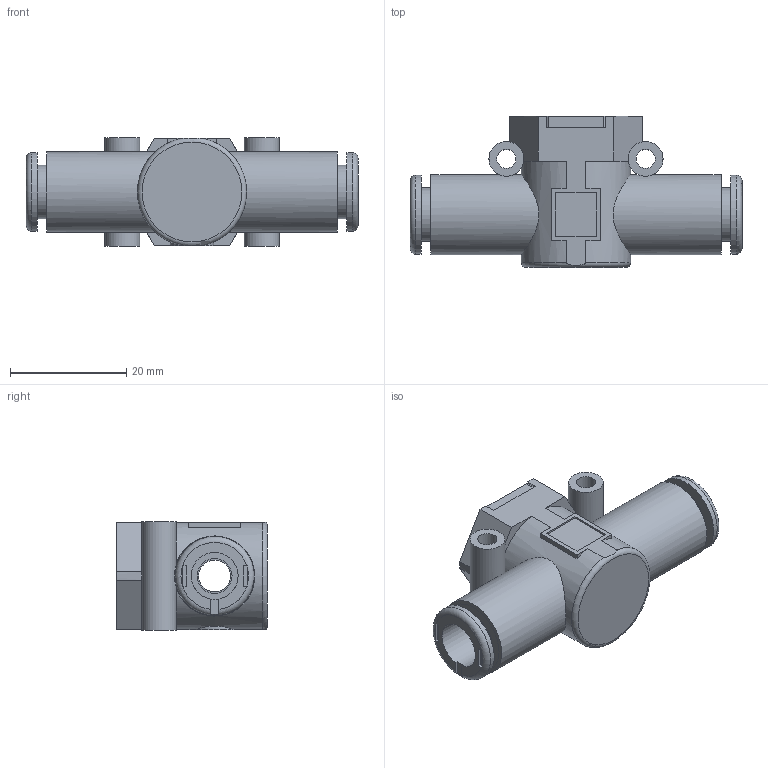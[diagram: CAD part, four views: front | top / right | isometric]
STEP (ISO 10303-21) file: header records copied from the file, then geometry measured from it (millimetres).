
FILE_DESCRIPTION( ( 'STEP AP214' ), ' ' );
FILE_NAME( '9064024.stp', '2017-03-31T09:57:53', ( '' ), ( '' ), ' ', 'PARTsolutions', ' ' );
FILE_SCHEMA( ( 'AUTOMOTIVE_DESIGN { 1 0 10303 214 1 1 1 1 }' ) );
Length unit declared in the file: millimetre
Products named in the file (4): 9064024; _LINE-ON-LINE D8 VSR-L body; _LINE-ON-LINE D8 VNR-L bushing; _LINE ON LINE D8 VNR-L plate
Assembly tree (4 placements, depth 2):
  9064024
    _LINE-ON-LINE D8 VSR-L body
    _LINE-ON-LINE D8 VNR-L bushing  x2
    _LINE ON LINE D8 VNR-L plate
Bounding box: 57.2 x 26 x 18.7 mm (x, y, z)
Volume: 7355.8 mm3; surface area: 9326.4 mm2
Topology: 4 solids, 4 shells, 148 faces, 355 edges, 235 vertices
Faces by surface type: plane 95, cylinder 46, cone 4, torus 3
Full cylindrical faces by diameter (mm): 3.3 x2, 5.5 x2, 6 x5, 8.1 x2, 9.2 x4, 9.4 x2, 9.5 x2, 11 x2, 11.66 x2, 12.5 x4, 13.6 x2, 13.8 x2, 15 x1
Entity records: 4841 total; most frequent: CARTESIAN_POINT 1133, DIRECTION 562, ORIENTED_EDGE 494, EDGE_CURVE 247, AXIS2_PLACEMENT_3D 215, VERTEX_POINT 183, EDGE_LOOP 182, FACE_OUTER_BOUND 147
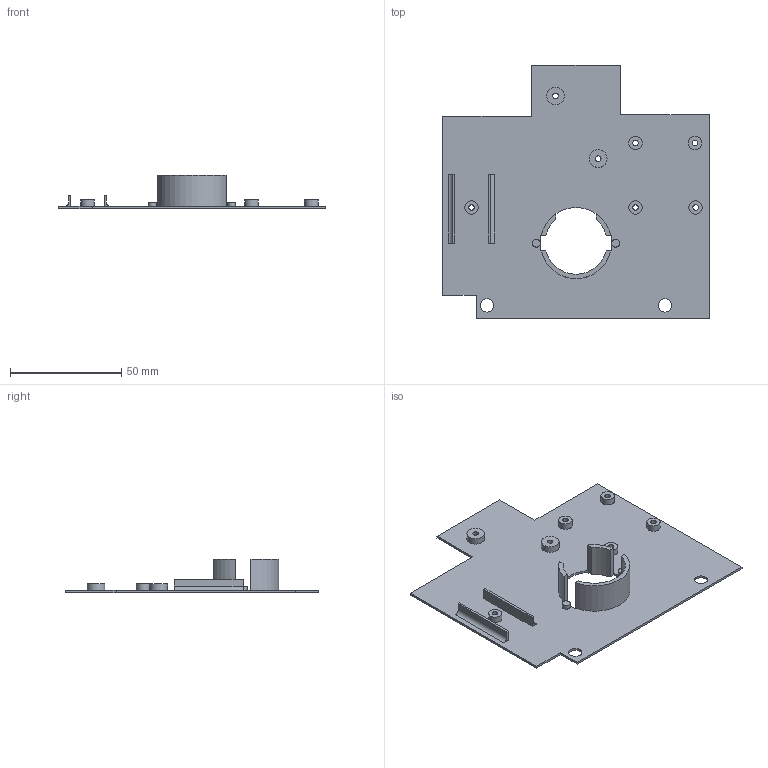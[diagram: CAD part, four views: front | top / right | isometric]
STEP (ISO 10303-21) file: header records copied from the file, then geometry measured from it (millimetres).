
FILE_DESCRIPTION(/* description */ ('','CAx-IF Rec.Pracs.---Representation and Presentation of Product Manufacturing Information (PMI)---4.0---2014-10-13'),/* implementation_level */ '2;1');
FILE_NAME(/* name */ 'barigo-components.step',/* time_stamp */ '2025-01-08T19:32:46+01:00',/* author */ (''),/* organization */ (''),/* preprocessor_version */ 'ST-DEVELOPER v20',/* originating_system */ 'Autodesk Translation Framework v13.20.0.188',/* authorisation */ '');
FILE_SCHEMA (('AP242_MANAGED_MODEL_BASED_3D_ENGINEERING_MIM_LF { 1 0 10303 442 1 1 4 }'));
Length unit declared in the file: millimetre
Products named in the file (1): barigo-components
Bounding box: 120 x 114 x 15 mm (x, y, z)
Volume: 13668 mm3; surface area: 25748.3 mm2
Topology: 2 solids, 2 shells, 73 faces, 175 edges, 115 vertices
Faces by surface type: plane 45, cylinder 28
Full cylindrical faces by diameter (mm): 2.5 x7, 3.6 x2, 6 x7, 8 x2
Entity records: 2198 total; most frequent: DIRECTION 380, CARTESIAN_POINT 364, ORIENTED_EDGE 350, EDGE_CURVE 175, AXIS2_PLACEMENT_3D 131, LINE 118, VECTOR 118, VERTEX_POINT 115
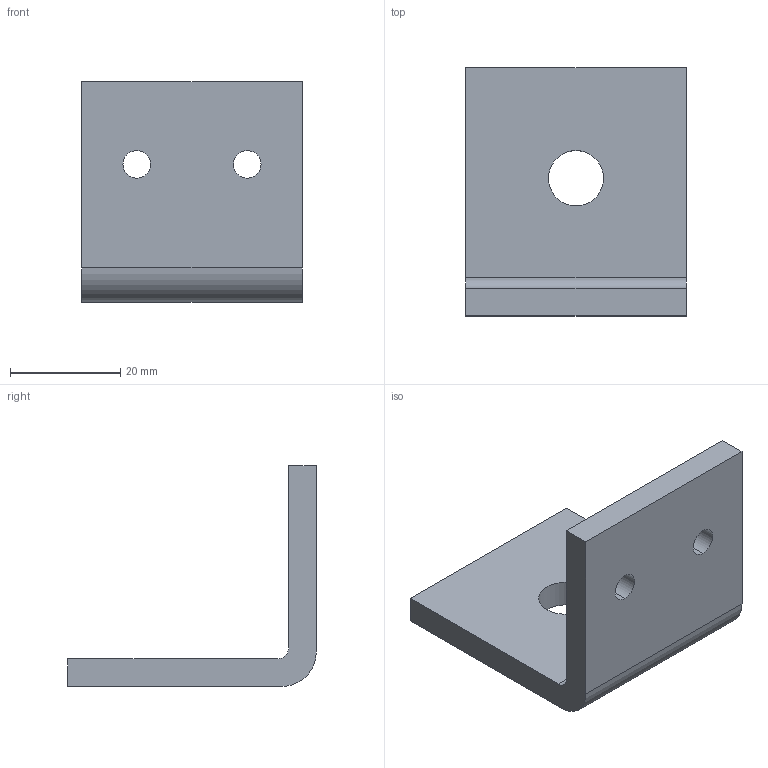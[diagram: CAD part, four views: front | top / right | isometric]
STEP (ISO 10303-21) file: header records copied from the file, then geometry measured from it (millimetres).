
FILE_DESCRIPTION (( 'STEP AP214' ), '1' );
FILE_NAME ('support.STEP', '2025-07-13T18:42:45', ( '' ), ( '' ), 'SwSTEP 2.0', 'SolidWorks 2025', '' );
FILE_SCHEMA (( 'AUTOMOTIVE_DESIGN' ));
Length unit declared in the file: millimetre
Products named in the file (1): support
Bounding box: 40 x 45 x 40 mm (x, y, z)
Volume: 15110 mm3; surface area: 7521.9 mm2
Topology: 1 solids, 1 shells, 16 faces, 42 edges, 28 vertices
Faces by surface type: cylinder 8, plane 8
Entity records: 537 total; most frequent: DIRECTION 92, CARTESIAN_POINT 87, ORIENTED_EDGE 84, EDGE_CURVE 42, AXIS2_PLACEMENT_3D 33, VERTEX_POINT 28, LINE 26, VECTOR 26
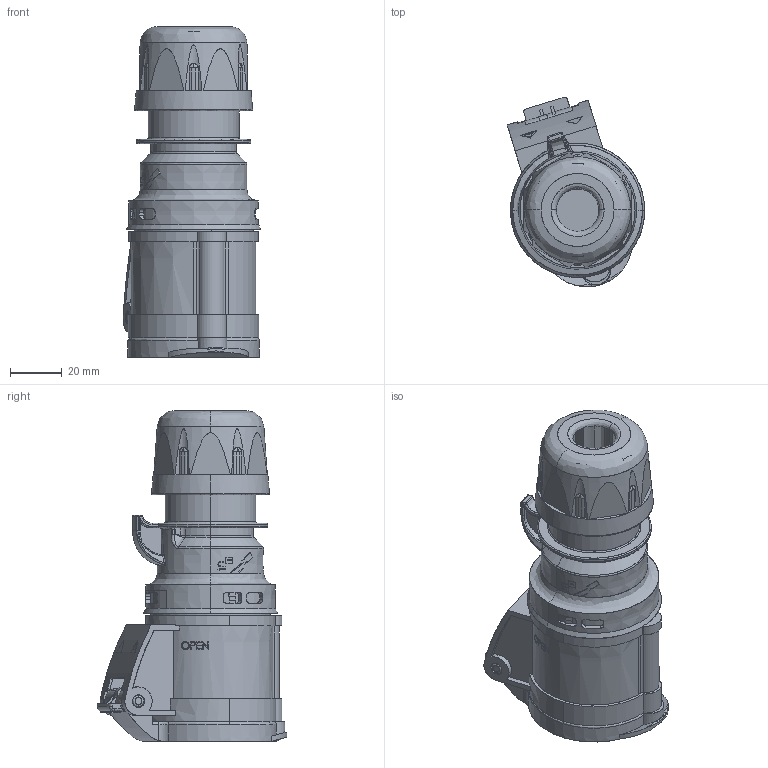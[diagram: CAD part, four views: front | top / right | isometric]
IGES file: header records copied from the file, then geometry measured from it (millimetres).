
Start section: SolidWorks IGES file using analytic representation for surfaces
Global section: file name: 84331205.IGS; native system: SolidWorks 2019; preprocessor: SolidWorks 2019; author: DGoodwin; date: 190603.165806; units: millimetre
Bounding box: 53.04 x 73.08 x 127.5 mm (x, y, z)
Surface area: 66293.6 mm2 (no closed solid volume)
Topology: 0 solids, 0 shells, 917 faces, 10770 edges, 10752 vertices
Faces by surface type: bspline 635, revolution 282
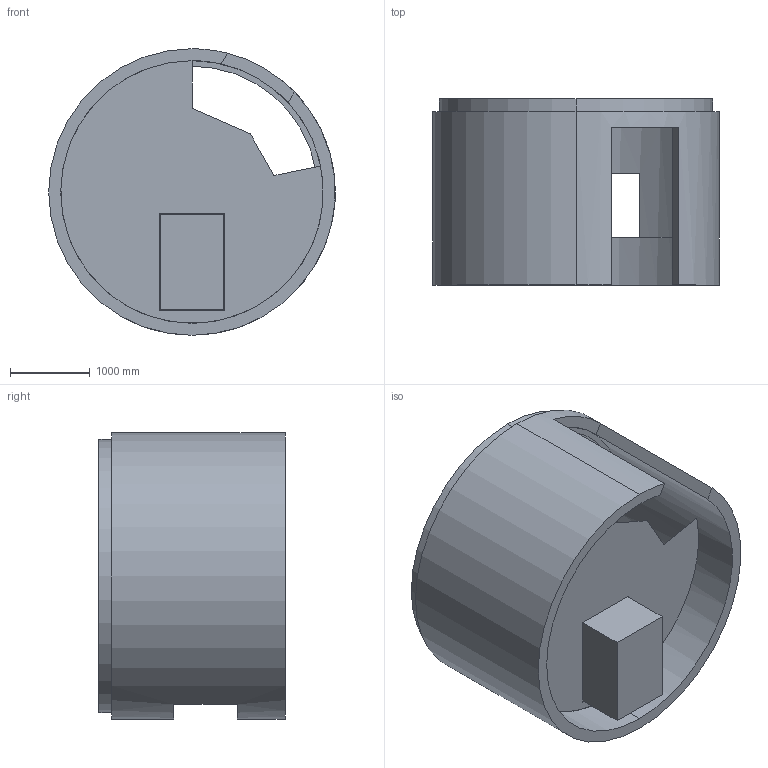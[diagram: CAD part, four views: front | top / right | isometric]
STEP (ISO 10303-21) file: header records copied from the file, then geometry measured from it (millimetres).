
FILE_DESCRIPTION (( 'STEP AP203' ), '1' );
FILE_NAME ('Rosace dome 25_11_15.STEP', '2015-11-25T08:55:30', ( 'Solidworks' ), ( 'CNRS' ), 'SwSTEP 2.0', 'SolidWorks 2002296', '' );
FILE_SCHEMA (( 'CONFIG_CONTROL_DESIGN' ));
Length unit declared in the file: metre
Products named in the file (1): Rosace dome 25_11_15
Bounding box: 3600 x 2340 x 3600 mm (x, y, z)
Surface area: 61835850.5 mm2 (no closed solid volume)
Topology: 0 solids, 8 shells, 60 faces, 162 edges, 115 vertices
Faces by surface type: plane 42, cylinder 18
Entity records: 1992 total; most frequent: CARTESIAN_POINT 338, DIRECTION 333, ORIENTED_EDGE 303, EDGE_CURVE 162, VERTEX_POINT 115, LINE 113, VECTOR 113, AXIS2_PLACEMENT_3D 110
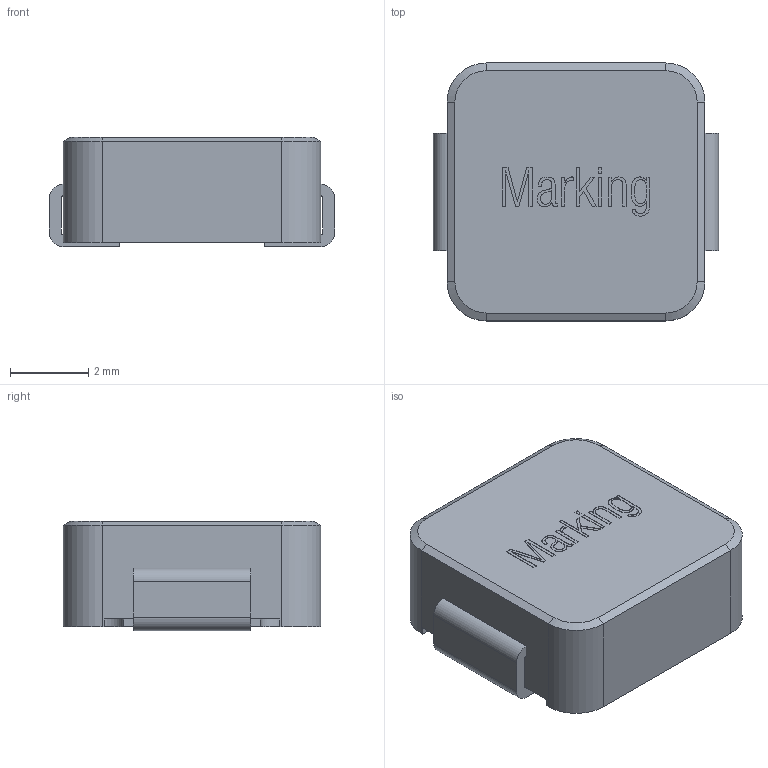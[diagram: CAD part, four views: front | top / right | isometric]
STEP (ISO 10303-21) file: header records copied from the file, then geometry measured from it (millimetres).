
FILE_DESCRIPTION( ( 'Unknown' ), '1' );
FILE_NAME( 'IndHC0603_molded.stp', 'Unknown', ( 'Unknown' ), ( 'Unknown' ), 'PSStep 13.0', 'Unknown', ' ' );
FILE_SCHEMA( ( 'AUTOMOTIVE_DESIGN { 1 0 10303 214 1 1 1 1 }' ) );
Length unit declared in the file: millimetre
Products named in the file (3): Assem1; pin; base
Bounding box: 7.3 x 6.6 x 2.8 mm (x, y, z)
Surface area: 476.3 mm2
Topology: 4 solids, 4 shells, 266 faces, 698 edges, 460 vertices
Faces by surface type: plane 202, cylinder 32, extrusion 24, cone 8
Entity records: 5412 total; most frequent: CARTESIAN_POINT 1274, ORIENTED_EDGE 696, DIRECTION 502, EDGE_CURVE 348, VERTEX_POINT 230, VECTOR 182, LINE 170, AXIS2_PLACEMENT_3D 160

· · · · · · ·

What you have to do =>
Copy the entries exactly. No pictures.

Solution for this task =>
[diagram: CAD part, four views: front | top / right | isometric]
STEP (ISO 10303-21) file: header records copied from the file, then geometry measured from it (millimetres).
FILE_DESCRIPTION( ( 'STEP AP214' ), ' ' );
FILE_NAME( '9064024.stp', '2017-03-31T09:57:53', ( '' ), ( '' ), ' ', 'PARTsolutions', ' ' );
FILE_SCHEMA( ( 'AUTOMOTIVE_DESIGN { 1 0 10303 214 1 1 1 1 }' ) );
Length unit declared in the file: millimetre
Products named in the file (4): 9064024; _LINE-ON-LINE D8 VSR-L body; _LINE-ON-LINE D8 VNR-L bushing; _LINE ON LINE D8 VNR-L plate
Assembly tree (4 placements, depth 2):
  9064024
    _LINE-ON-LINE D8 VSR-L body
    _LINE-ON-LINE D8 VNR-L bushing  x2
    _LINE ON LINE D8 VNR-L plate
Bounding box: 57.2 x 26 x 18.7 mm (x, y, z)
Volume: 7355.8 mm3; surface area: 9326.4 mm2
Topology: 4 solids, 4 shells, 148 faces, 355 edges, 235 vertices
Faces by surface type: plane 95, cylinder 46, cone 4, torus 3
Full cylindrical faces by diameter (mm): 3.3 x2, 5.5 x2, 6 x5, 8.1 x2, 9.2 x4, 9.4 x2, 9.5 x2, 11 x2, 11.66 x2, 12.5 x4, 13.6 x2, 13.8 x2, 15 x1
Entity records: 4841 total; most frequent: CARTESIAN_POINT 1133, DIRECTION 562, ORIENTED_EDGE 494, EDGE_CURVE 247, AXIS2_PLACEMENT_3D 215, VERTEX_POINT 183, EDGE_LOOP 182, FACE_OUTER_BOUND 147
[diagram: CAD part, four views: front | top / right | isometric]
STEP (ISO 10303-21) file: header records copied from the file, then geometry measured from it (millimetres).
FILE_DESCRIPTION(/* description */ ('','CAx-IF Rec.Pracs.---Representation and Presentation of Product Manufacturing Information (PMI)---4.0---2014-10-13'),/* implementation_level */ '2;1');
FILE_NAME(/* name */ 'barigo-components.step',/* time_stamp */ '2025-01-08T19:32:46+01:00',/* author */ (''),/* organization */ (''),/* preprocessor_version */ 'ST-DEVELOPER v20',/* originating_system */ 'Autodesk Translation Framework v13.20.0.188',/* authorisation */ '');
FILE_SCHEMA (('AP242_MANAGED_MODEL_BASED_3D_ENGINEERING_MIM_LF { 1 0 10303 442 1 1 4 }'));
Length unit declared in the file: millimetre
Products named in the file (1): barigo-components
Bounding box: 120 x 114 x 15 mm (x, y, z)
Volume: 13668 mm3; surface area: 25748.3 mm2
Topology: 2 solids, 2 shells, 73 faces, 175 edges, 115 vertices
Faces by surface type: plane 45, cylinder 28
Full cylindrical faces by diameter (mm): 2.5 x7, 3.6 x2, 6 x7, 8 x2
Entity records: 2198 total; most frequent: DIRECTION 380, CARTESIAN_POINT 364, ORIENTED_EDGE 350, EDGE_CURVE 175, AXIS2_PLACEMENT_3D 131, LINE 118, VECTOR 118, VERTEX_POINT 115
[diagram: CAD part, four views: front | top / right | isometric]
STEP (ISO 10303-21) file: header records copied from the file, then geometry measured from it (millimetres).
FILE_DESCRIPTION (( 'STEP AP214' ), '1' );
FILE_NAME ('support.STEP', '2025-07-13T18:42:45', ( '' ), ( '' ), 'SwSTEP 2.0', 'SolidWorks 2025', '' );
FILE_SCHEMA (( 'AUTOMOTIVE_DESIGN' ));
Length unit declared in the file: millimetre
Products named in the file (1): support
Bounding box: 40 x 45 x 40 mm (x, y, z)
Volume: 15110 mm3; surface area: 7521.9 mm2
Topology: 1 solids, 1 shells, 16 faces, 42 edges, 28 vertices
Faces by surface type: cylinder 8, plane 8
Entity records: 537 total; most frequent: DIRECTION 92, CARTESIAN_POINT 87, ORIENTED_EDGE 84, EDGE_CURVE 42, AXIS2_PLACEMENT_3D 33, VERTEX_POINT 28, LINE 26, VECTOR 26
[diagram: CAD part, four views: front | top / right | isometric]
IGES file: header records copied from the file, then geometry measured from it (millimetres).
Start section: SolidWorks IGES file using analytic representation for surfaces
Global section: file name: 84331205.IGS; native system: SolidWorks 2019; preprocessor: SolidWorks 2019; author: DGoodwin; date: 190603.165806; units: millimetre
Bounding box: 53.04 x 73.08 x 127.5 mm (x, y, z)
Surface area: 66293.6 mm2 (no closed solid volume)
Topology: 0 solids, 0 shells, 917 faces, 10770 edges, 10752 vertices
Faces by surface type: bspline 635, revolution 282
[diagram: CAD part, four views: front | top / right | isometric]
STEP (ISO 10303-21) file: header records copied from the file, then geometry measured from it (millimetres).
FILE_DESCRIPTION (( 'STEP AP203' ), '1' );
FILE_NAME ('Rosace dome 25_11_15.STEP', '2015-11-25T08:55:30', ( 'Solidworks' ), ( 'CNRS' ), 'SwSTEP 2.0', 'SolidWorks 2002296', '' );
FILE_SCHEMA (( 'CONFIG_CONTROL_DESIGN' ));
Length unit declared in the file: metre
Products named in the file (1): Rosace dome 25_11_15
Bounding box: 3600 x 2340 x 3600 mm (x, y, z)
Surface area: 61835850.5 mm2 (no closed solid volume)
Topology: 0 solids, 8 shells, 60 faces, 162 edges, 115 vertices
Faces by surface type: plane 42, cylinder 18
Entity records: 1992 total; most frequent: CARTESIAN_POINT 338, DIRECTION 333, ORIENTED_EDGE 303, EDGE_CURVE 162, VERTEX_POINT 115, LINE 113, VECTOR 113, AXIS2_PLACEMENT_3D 110
[diagram: CAD part, four views: front | top / right | isometric]
STEP (ISO 10303-21) file: header records copied from the file, then geometry measured from it (millimetres).
FILE_DESCRIPTION( ( 'Unknown' ), '1' );
FILE_NAME( 'IndHC0603_molded.stp', 'Unknown', ( 'Unknown' ), ( 'Unknown' ), 'PSStep 13.0', 'Unknown', ' ' );
FILE_SCHEMA( ( 'AUTOMOTIVE_DESIGN { 1 0 10303 214 1 1 1 1 }' ) );
Length unit declared in the file: millimetre
Products named in the file (3): Assem1; pin; base
Bounding box: 7.3 x 6.6 x 2.8 mm (x, y, z)
Surface area: 476.3 mm2
Topology: 4 solids, 4 shells, 266 faces, 698 edges, 460 vertices
Faces by surface type: plane 202, cylinder 32, extrusion 24, cone 8
Entity records: 5412 total; most frequent: CARTESIAN_POINT 1274, ORIENTED_EDGE 696, DIRECTION 502, EDGE_CURVE 348, VERTEX_POINT 230, VECTOR 182, LINE 170, AXIS2_PLACEMENT_3D 160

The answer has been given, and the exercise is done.